2016 Rio de Janeiro Olympic GamesJul 30, 2016 by Associated Press
Sam Mikulak Looking for International Breakthrough
Sam Mikulak Looking for International Breakthrough
By Will Graves, APThe most important 15 minutes of Sam Mikulak's daily routine doesn't come in the gym or the weight room. They usually take place early in
By Will Graves, AP
The most important 15 minutes of Sam Mikulak's daily routine doesn't come in the gym or the weight room. They usually take place early in the morning, shortly after he pulls himself out of bed at the U.S. Olympic Training Center.
There in the stillness, the best American male gymnast of his generation turns his mind into a blank slate. Nothing is allowed in. Not worries about whether he can find a way to combine consistency with his considerable talent. Not concerns about the ankles that are always one iffy landing away from disaster. Not the stakes as he prepares himself for another Olympic moment, one with significantly higher stakes than four years ago in London.
"If a thought comes into my head, I recognize it and I do a mental swipe left with my eyes," Mikulak said. "And then I'm back to breathing and fall into a rhythm that can train me to negate any thoughts that aren't necessary when I'm competing on the big stage."

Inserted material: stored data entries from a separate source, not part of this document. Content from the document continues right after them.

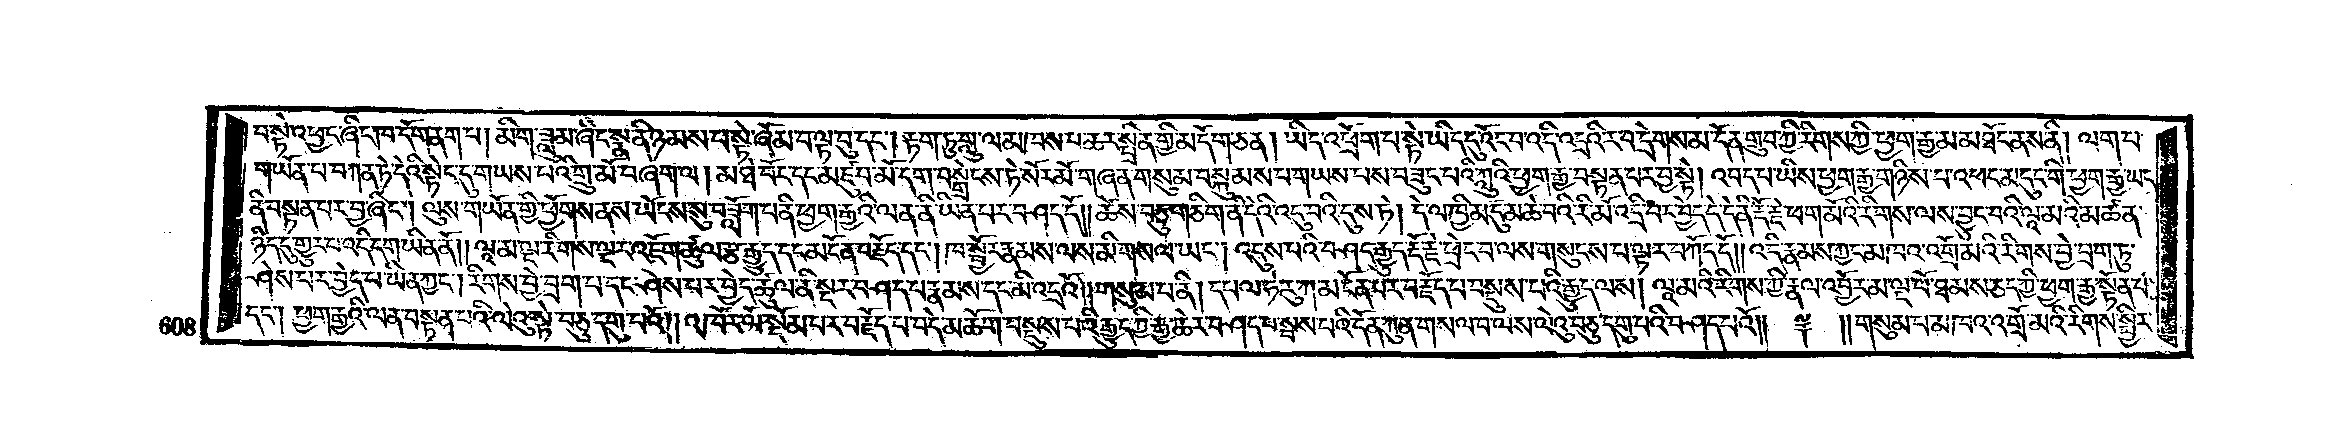བ་སྟེ་འཕྱང་ཞིང་ཁ་དོག་ནག་པ། མིག་ཟླུམ་ཞིང་སྣ་ནི་ཉམས་པ་སྟེ་ཞོམ་བ་ལྟ་བུ་དང་། རྟག་ཏུ་གླུ་ལ་མཁས་པ་ཆར་སྤྲིན་གྱི་མདོག་ཅན། ཡིད་འཕྲོག་པ་སྟེ་ཡིད་དུ་འོང་བ་འདི་འདྲའི་རབ་དྲེགས་མ་དོན་གྲུབ་ཀྱི་རིགས་ཀྱི་ཕྱག་རྒྱ་མ་མཐོང་ནས་ནི། ལག་པ་
གཡོན་པ་བཀན་ཏེ་དེའི་སྟེང་དུ་གཡས་པའི་གྲུ་མོ་བཞག་ལ། མཐེ་བོང་དང་མཛུབ་མོ་དག་བསྒྲེངས་ཏེ་སོར་མོ་གཞན་གསུམ་བསྐུམས་པ་གཡས་པས་བཟུང་པའི་ཀླུའི་ཕྱག་རྒྱ་བསྟན་པར་བྱ་སྟེ། འབད་པ་ཡིས་ཕྱག་རྒྱ་གཉིས་པ་འཕང་མདུང་གི་ཕྱག་རྒྱ་ཡང་
ནི་བསྟན་པར་བྱ་ཞིང་། ལུས་གཡོན་གྱི་ཕྱོགས་ནས་ཡོངས་སུ་བཟློག་པ་ནི་ཕྱག་རྒྱའི་ལན་ནི་ཡིན་པར་བཤད་དོ། །ཚེས་བཅུ་གཅིག་ནི་དེའི་འདུ་བའི་དུས་ཏེ། དེ་ལ་ཁྱིམ་དུ་མཆེ་བའི་རི་མོ་འདྲི་བར་བྱེད་དེ་དེ་ནི་རྡོ་རྗེ་ཕག་མོའི་རིགས་ལས་བྱུང་བའི་ལཱ་མའི་མཚན་
ཉིད་དུ་གྱུར་པ་འདི་དག་ཡིན་ནོ། །ལཱ་མ་ལྔ་རིགས་ལྔར་འཇོག་ཚུལ་རྩ་རྒྱུད་དང་མངོན་བརྗོད་དང་། ཁ་སྦྱོར་རྣམས་ལས་མི་གསལ་ཡང་། འདུས་པའི་བཤད་རྒྱུད་རྡོ་རྗེ་ཕྲེང་བ་ལས་གསུངས་པ་ལྟར་བཀོད་དོ། །འདི་རྣམས་ཀྱང་མཁའ་འགྲོ་མའི་རིགས་བྱེ་བྲག་ཏུ་
ཤེས་པར་བྱེད་པ་ཡིན་ཀྱང་། རིགས་བྱེ་བྲག་པ་དང་ཤེས་པར་བྱེད་ཚུལ་ནི་སྔར་བཤད་པ་རྣམས་དང་མི་འདྲའོ། །གསུམ་པ་ནི། དཔལ་ཧེ་རུ་ཀ་མངོན་པར་བརྗོད་པ་བསྡུས་པའི་རྒྱུད་ལས། ལཱ་མའི་རིགས་ཀྱི་རྣལ་འབྱོར་མ་ལྔ་པོ་ཐམས་ཅད་ཀྱི་ཕྱག་རྒྱ་སྟོན་པ་
དང་། ཕྱག་རྒྱའི་ལན་བསྟན་པའི་ལེའུ་སྟེ་བཅུ་དགུ་པའོ། །འཁོར་ལོ་སྡོམ་པར་བརྗོད་པ་བདེ་མཆོག་བསྡུས་པའི་རྒྱུད་ཀྱི་རྒྱ་ཆེར་བཤད་པ་སྦས་པའི་དོན་ཀུན་གསལ་བ་ལས་ལེའུ་བཅུ་དགུ་པའི་བཤད་པའོ།། ༈ །།གསུམ་པ་མཁའ་འགྲོ་མའི་རིགས་སྤྱིར་
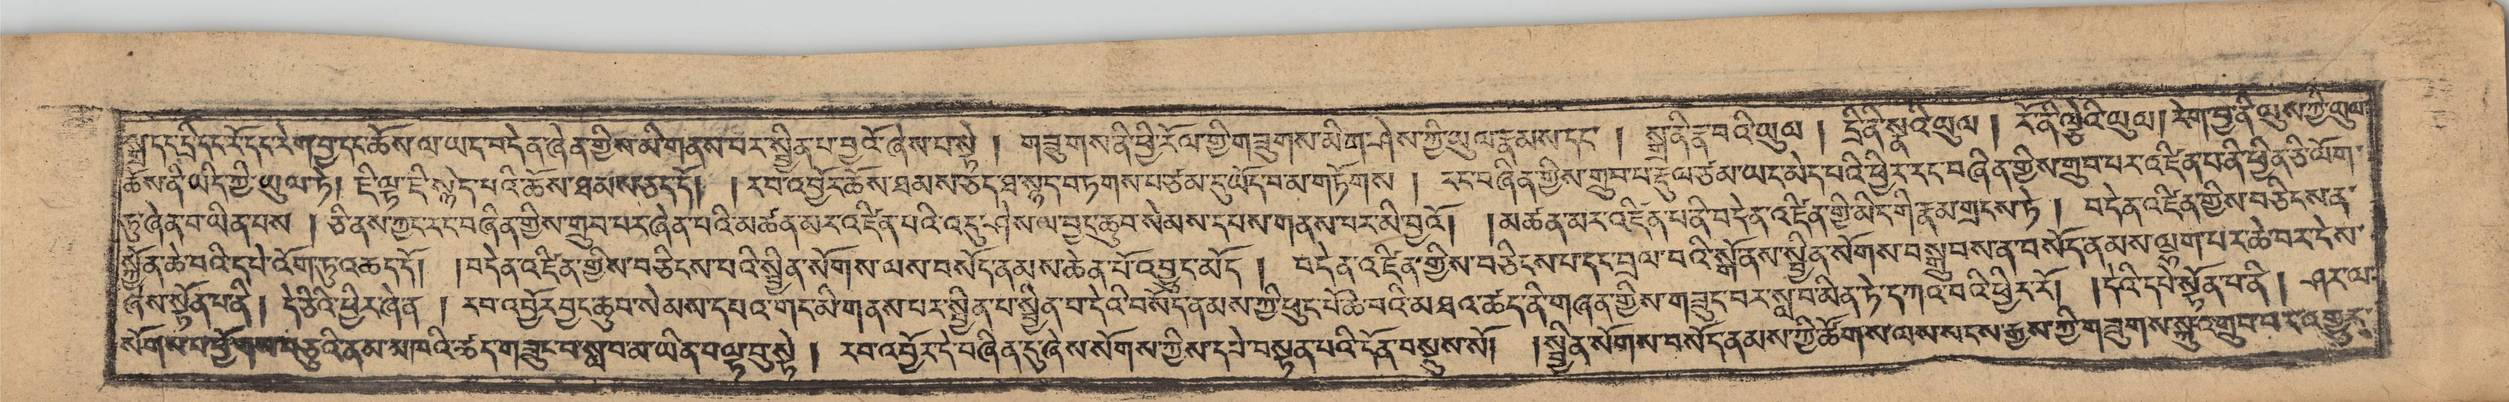བ་སྒྲ་དང་དྲི་དང་རོ་དང་རེག་བྱ་དང་ཆོས་ལ་ཡང་བདེན་ཞེན་གྱིས་མི་གནས་པར་སྦྱིན་པ་བྱའོ་ཞེས་པ་སྟེ། གཟུགས་ནི་ཕྱི་རོལ་གྱི་གཟུགས་མིག་ཤེས་གྱི་ཡུལ་རྣམས་དང་། སྒྲ་ནི་རྣ་བའི་ཡུལ། དྲི་ནི་སྣའི་ཡུལ། རོ་ནི་ལྕེའི་ཡུལ། རེག་བྱ་ནི་ལུས་ཀྱི་ཡུལ།
ཆོས་ནི་ཡིད་ཀྱི་ཡུལ་ཏེ། ཇི་ལྟ་ཇི་སྙེད་པའི་ཆོས་ཐམས་ཅད་དོ། །རབ་འབྱོར་ཆོས་ཐམས་ཅད་ཐ་སྙད་བཏགས་པ་ཙམ་དུ་ཡོད་པ་མ་གཏོགས། རང་བཞིན་གྱིས་གྲུབ་པ་རྡུལ་ཙམ་ཡང་མེད་པའི་ཕྱིར་རང་བཞིན་གྱིས་གྲུབ་པར་འཛིན་པ་ནི་ཕྱིན་ཅི་ལོག་
ཏུ་ཞེན་པ་ཡིན་པས། ཅི་ནས་ཀྱང་རང་བཞིན་ཀྱིས་གྲུབ་པར་ཞེན་པའི་མཚན་མར་འཛིན་པའི་འདུ་ཤེས་ལ་བྱང་ཆུབ་སེམས་དཔས་གནས་པར་མི་བྱའོ། །མཚན་མར་འཛིན་པ་ནི་བདེན་འཛིན་གྱི་མིང་གི་རྣམ་གྲངས་ཏེ། བདེན་འཛིན་གྱིས་བཅིངས་ན་
སྐྱོན་ཆེ་བའི་དཔེ་འོག་ཏུ་འཆད་དོ། །བདེན་འཛིན་གྱིས་བཅིངས་པའི་སྦྱིན་སོགས་ལས་བསོད་ནམས་ཆེན་པོ་འབྱུང་མོད། བདེན་འཛིན་གྱིས་བཅིངས་པ་དང་བྲལ་བའི་སྒོ་ནས་སྦྱིན་སོགས་བསྒྲུབ་པ་ན་བསོད་ནམས་ལྷག་པར་ཆེ་བར་ངེས་
ཞེས་སྟོན་པ་ནི། དེ་ཅིའི་ཕྱིར་ཞེ་ན། རབ་འབྱོར་བྱང་ཆུབ་སེམས་དཔའ་གང་མི་གནས་པར་སྦྱིན་པ་སྦྱིན་པ་དེའི་བསོད་ནམས་ཀྱི་ཕུང་པོ་ཆེ་བའི་མཐའ་ཚད་ནི་གཞན་གྱིས་གཟུང་བར་སླ་བ་མིན་ཏེ་དཀའ་བའི་ཕྱིར་རོ། །དེའི་དཔེ་སྟོན་པ་ནི། ཤར་ལ་
སོགས་པ་ཕྱོགས་བཅུའི་ནམ་མཁའི་ཚད་གཟུང་བ་སླ་བ་མ་ཡིན་པ་ལྟ་བུ་སྟེ། རབ་འབྱོར་དེ་བཞིན་དུ་ཞེས་སོགས་ཀྱིས་དཔེ་བསྟན་པའི་དོན་བསྡུས་སོ། །སྦྱིན་སོགས་བསོད་ནམས་ཀྱི་ཚོགས་ལས་སངས་རྒྱས་ཀྱི་གཟུགས་སྐུ་འགྲུབ་པར་འགྱུར་
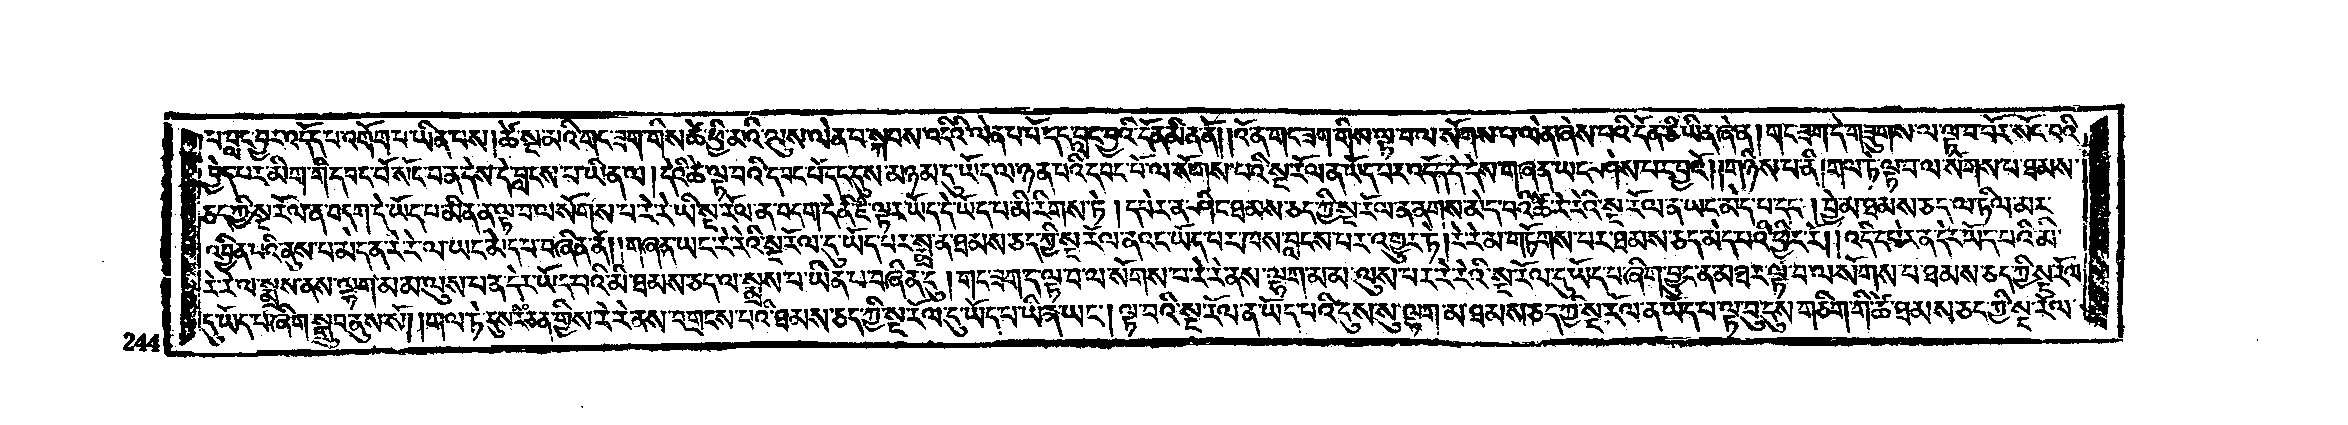པ་བླང་བྱར་འདོད་པ་འགོག་པ་ཡིན་པས། ཚེ་སྔ་མའི་གང་ཟག་གིས་ཚེ་ཕྱི་མའི་ལུས་ལེན་པ་སྐབས་འདིའི་ལེན་པ་པོ་དང་བླང་བྱའི་དོན་མིན་ནོ། །འོ་ན་གང་ཟག་གིས་ལྟ་བ་ལ་སོགས་པ་ལེན་ཞེས་པའི་དོན་ཅི་ཡིན་ཞེ་ན། གང་ཟག་དེ་གཟུགས་ལ་ལྟ་བ་པོར་སོང་བའི་
བྱེད་པར་མིག་གི་དབང་པོ་སོང་བ་ན་དེས་དེ་བླངས་པ་ཡིན་ལ། དེའི་ཚེ་ལྟ་བའི་དབང་པོ་དང་དུས་མཉམ་དུ་ཡོད་ལ་ཉམ་པའི་དབང་པོ་ལ་སོགས་པའི་སྔ་རོལ་ན་ཡོད་པར་འདོད་དེ་དེས་གཞན་ཡང་ཤེས་པར་བྱའོ། །གཉིས་པ་ནི། གལ་ཏེ་ལྟ་བ་ལ་སོགས་པ་ཐམས་
ཅད་ཀྱི་སྔ་རོལ་ན་བདག་དེ་ཡོད་པ་མིན་ན་ལྟ་བ་ལ་སོགས་པ་རེ་རེ་ཡི་སྔ་རོལ་ན་བདག་དེ་ནི་ཇི་ལྟར་ཡོད་དེ་ཡོད་པ་མི་རིགས་ཏེ། དཔེར་ན་ཤིང་ཐམས་ཅད་ཀྱི་སྔ་རོལ་ན་ནགས་མེད་པའི་ཚེ་རེ་རེའི་སྔ་རོལ་ན་ཡང་མེད་པ་དང་། བྱེ་མ་ཐམས་ཅད་ལ་ཏིལ་མར་འབྱིན་པའི་ནུས་པ་མེད་ན་རེ་རེ་ལ་ཡང་མེད་པ་བཞིན་ནོ། །གཞན་ཡང་རེ་རེའི་སྔ་རོལ་དུ་ཡོད་པར་སྨྲ་ན་ཐམས་ཅད་ཀྱི་སྔ་རོལ་ནའང་ཡོད་པར་ཁས་བླངས་པར་འགྱུར་ཏེ། རེ་རེ་མ་གཏོགས་པར་ཐམས་ཅད་མེད་པའི་ཕྱིར་རོ། །འདི་དཔེར་ན་དེར་ཡོད་པའི་མི་
རེ་རེ་ལ་སྨྲས་ནས་ལྷག་མ་མ་ལུས་པ་ན་དེར་ཡོད་པའི་མི་ཐམས་ཅད་ལ་སྨྲས་པ་ཡིན་པ་བཞིན་དུ། གང་ཟག་ད་ལྟ་བ་ལ་སོགས་པ་རེ་རེ་ནས་ལྷག་མ་མ་ལུས་པར་རེ་རེའི་སྔ་རོལ་དུ་ཡོད་པ་ཞིག་བྱང་ན་མཐར་ལྟ་བ་ལ་སོགས་པ་ཐམས་ཅད་ཀྱི་ས་རོལ་
དུ་ཡོད་པ་ཞིག་སྒྲུབ་ནུས་སོ། །གལ་ཏེ་དུས་རིཾ་ཅན་གྱིས་རེ་རེ་ནས་བགྲངས་པའི་ཐམས་ཅད་ཀྱི་སྔ་རོལ་དུ་ཡོད་པ་ཡིན་ཡང་། ལྟ་བའི་སྔ་རོལ་ན་ཡོད་པའི་དུས་སུ་ལྷག་མ་ཐམས་ཅད་ཀྱི་སྔ་རོལ་ན་ཡོད་པ་ལྟ་བུ་དུས་གཅིག་གི་ཚེ་ཐམས་ཅད་ཀྱི་སྔ་རོལ་

Like the one that awaits in Brazil, when the 23-year-old spearheads a five-man U.S. team eager to re-establish itself after a nightmarish fifth-place finish in 2012. Back then, Mikulak was a teenager, a college student and an event specialist. Now he's likely the only American competing in the all-around, a testament to the way he's separated himself from his teammates.
Yet for all his supremacy at home, where he is one of two men to win four straight national titles, Mikulak has yet to experience a true breakthrough moment internationally. He has just one world championship medal to his credit, a team bronze in 2014. That also happens to be the last time he was on the floor with Kohei Uchimura of Japan, the defending Olympic champion heavily favored to do it again in Rio de Janeiro.
On the surface, they could not be more different. Uchimura is soft-spoken and reserved. Mikulak is prone to break into dance during a meet and speaks in a "surfer dude" cadence that betrays his Southern California roots.
Yet their gymnastics are strikingly similar in their aggressive quest for elegance.
"I feel like I'm following in his footsteps a little bit," Mikulak said. "He's one of the greatest gymnasts of all time. It's nice to be on the same path. My goal is to apply a little pressure."
The only surefire way to do it is to avoid the small but persistent mistakes that tend to pop up early in competitions. Mikulak is well aware of his penchant for shaky starts like the one he endured on the opening night of Olympic Trials on June 25, when he flubbed his dismount on parallel bars and lost momentum on high bar.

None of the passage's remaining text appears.